Introduction to Decision Trees
A decision tree is a logical model represented as a binary (two-way split) tree that shows how the value of a target variable can be predicted by using the values of a set of predictor variables. An example of a decision tree is shown below:
The rectangular boxes shown in the tree are called “nodes”. Each node represents a set of records (rows) from the original dataset. Nodes that have child nodes (nodes 1 and 3 in the tree above) are called “interior” nodes. Nodes that do not have child nodes (nodes 2, 4 and 5 in the tree above) are called “terminal” or “leaf” nodes. The topmost node (node 1 in the example) is called the “root” node. (Unlike a real tree, decision trees are drawn with their root at the top). The root node represents all of the rows in the dataset.
A decision tree is constructed by a binary split that divides the rows in a node into two groups (child nodes). The same procedure is then used to split the child groups. This process is called “recursive partitioning”. The split is selected to construct a tree that can be used to predict the value of the target variable.
The name of the predictor variable used to construct a node is shown in the node box below the node number. For example, nodes 2 and 3 were formed by splitting node 1 on the predictor variable “Petal length”. If the splitting variable is continuous, the values going into the left and right child nodes will be shown as values less than or greater than some split point. The split point is 2.45 in this example. Node 2 consists of all rows with the value of “Petal length” less than or equal to 2.45, whereas node 3 consists of all rows with Petal length greater than 2.45. If the splitting variable is categorical, the categories of the splitting variable going into each node will be listed.
Tree Building Process
The first step in building a decision tree is to collect a set of data values that DTREG can analyze. This data is called the "learning" or "training" dataset because it is used by DTREG to learn how the value of a target variable is related to the values of predictor variables. This dataset must have instances for which you know the actual value of the target variable and the associated predictor variables. You might have to perform a study or survey to collect this data, or you might be able to obtain it from previously-collected historical records.

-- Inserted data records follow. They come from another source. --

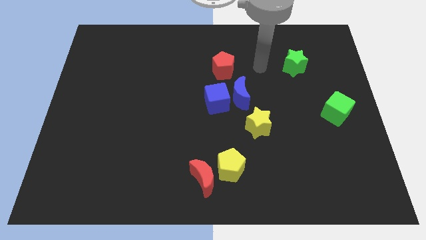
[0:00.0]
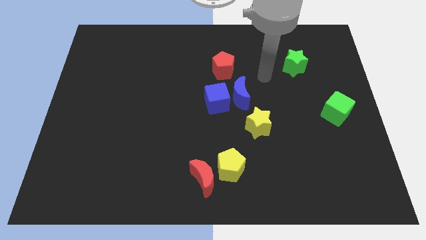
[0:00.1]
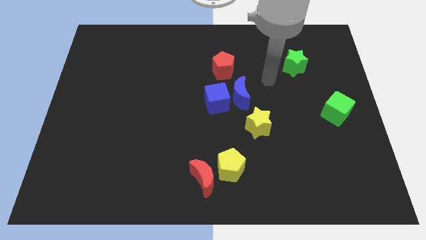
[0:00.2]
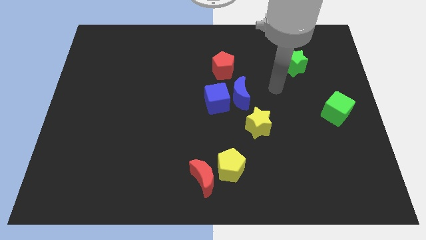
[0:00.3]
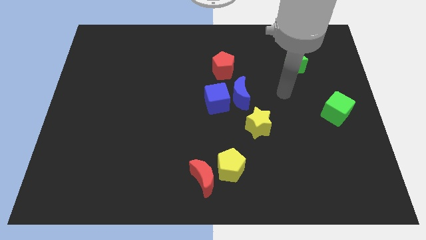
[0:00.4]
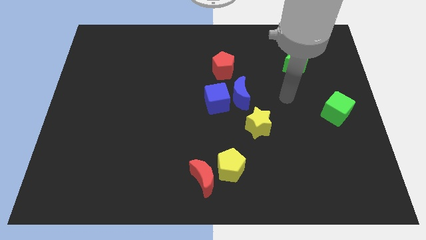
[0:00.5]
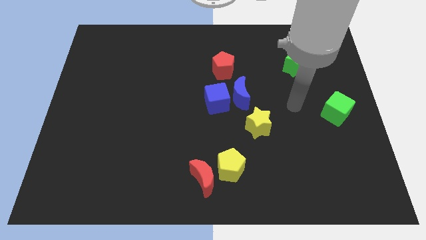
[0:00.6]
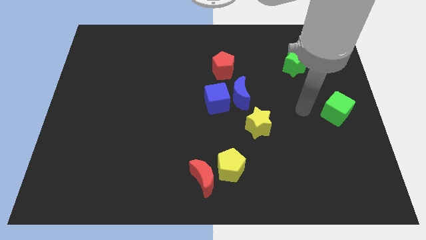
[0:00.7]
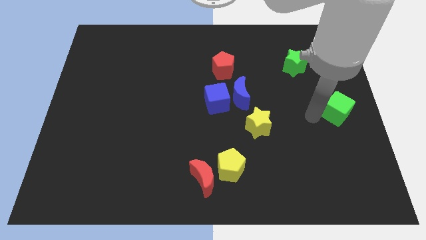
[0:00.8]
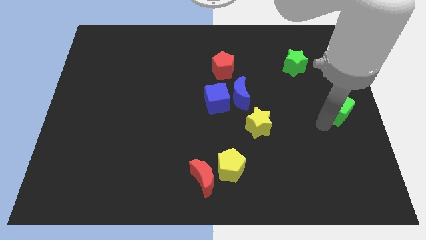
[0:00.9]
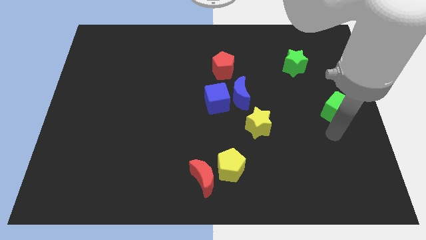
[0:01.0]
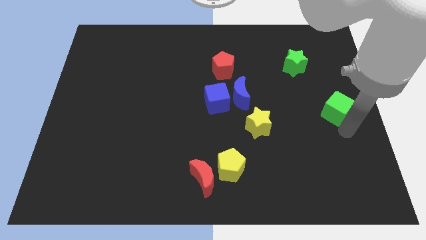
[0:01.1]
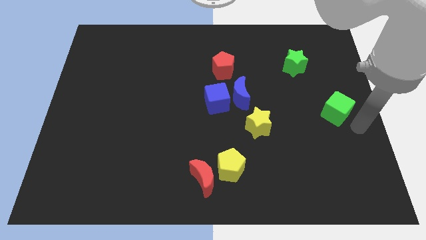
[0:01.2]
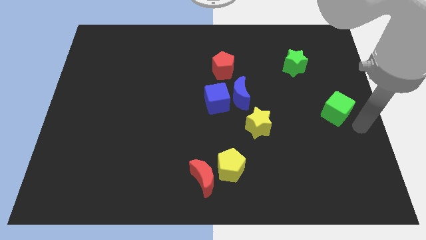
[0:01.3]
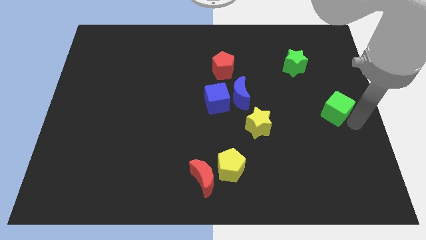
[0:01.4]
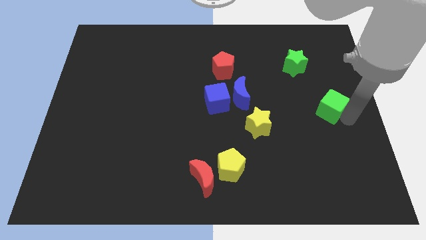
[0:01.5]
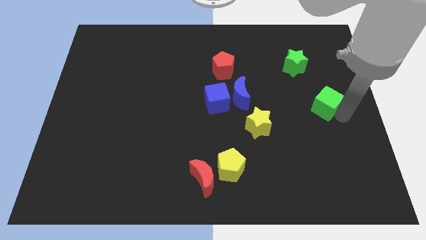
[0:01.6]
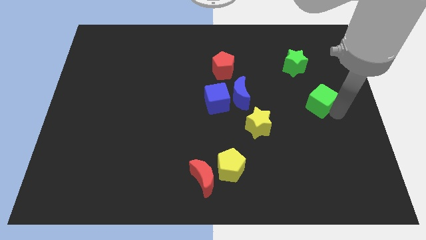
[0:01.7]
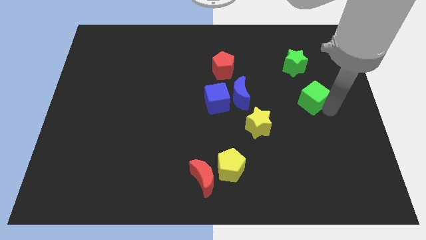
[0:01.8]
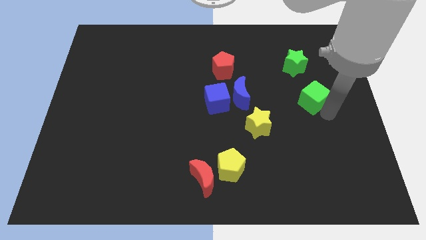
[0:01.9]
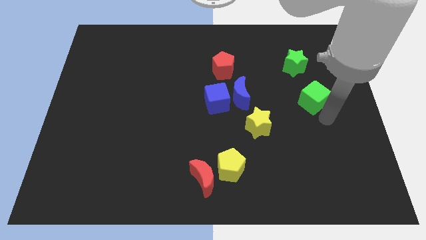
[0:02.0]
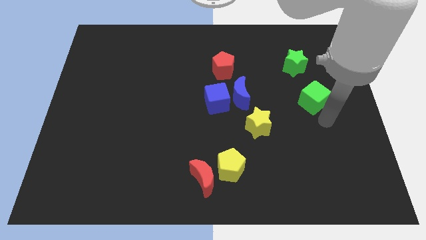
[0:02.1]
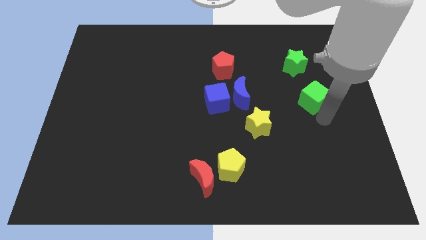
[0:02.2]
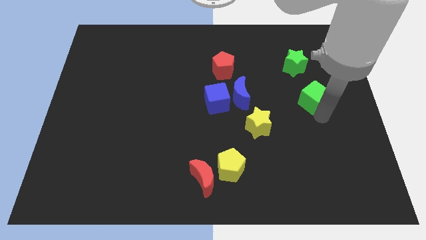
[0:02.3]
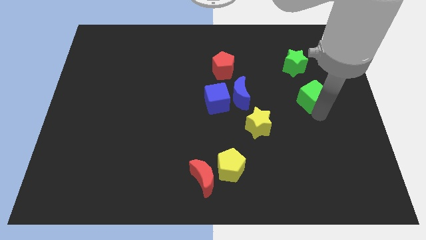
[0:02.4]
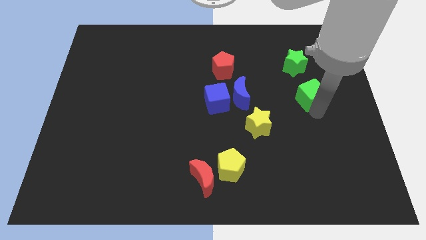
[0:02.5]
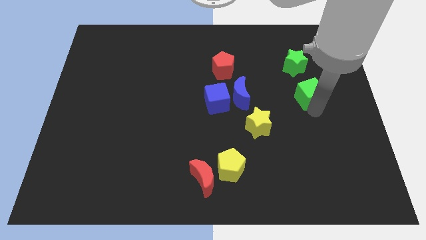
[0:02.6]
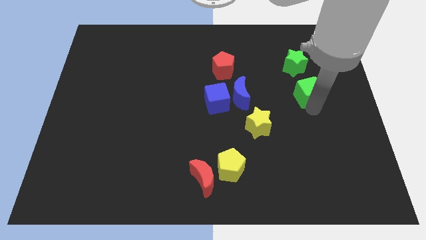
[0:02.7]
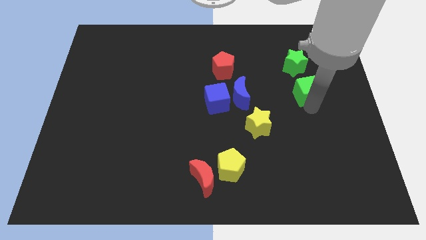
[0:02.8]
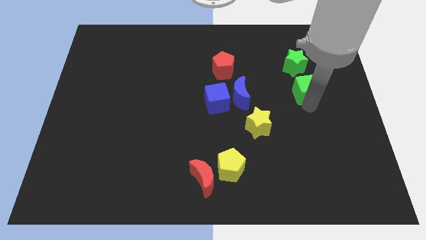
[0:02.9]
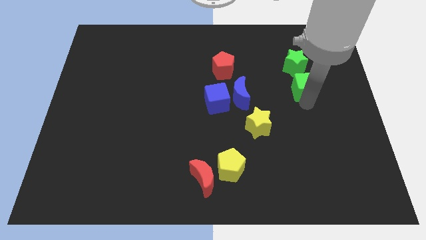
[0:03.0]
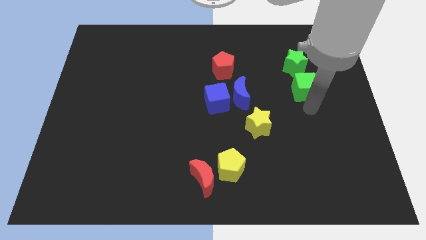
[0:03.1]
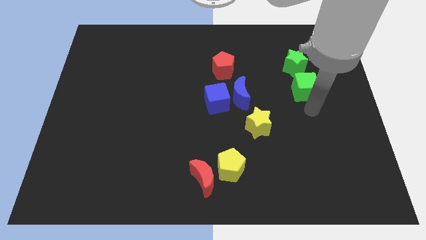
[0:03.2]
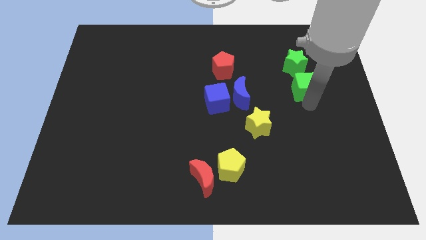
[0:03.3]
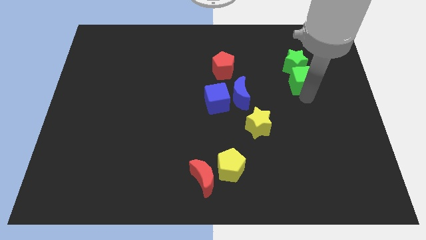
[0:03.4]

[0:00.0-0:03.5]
slide the green cube to the green star

Once you obtain enough data for the learning dataset, this data is fed into DTREG which performs a complex analysis on it and builds a decision tree that models the data.
Using a Decision Tree
Once DTREG has created a decision tree, you can use it in the following ways:
- You can use the tree to make inferences that help you understand the “big picture” of the model. One of the great advantages of decision trees is that they are easy to interpret even by non-technical people. For example, if the decision tree models product sales, a quick glance might tell you that men in the South buy more of your product than women in the North. If you are developing a model of health risks for insurance policies, a quick glance might tell you that smoking and age are important predictors of health.
- You can use the decision tree to identify target groups. For example, if you are looking for the best potential customers for a product, you can identify the terminal nodes in the tree that have the highest percentage of sales, and then focus your sales effort on individuals described by those nodes.
- You can predict the target value for specific cases where you know only the predictor variable values. This is known as “scoring”.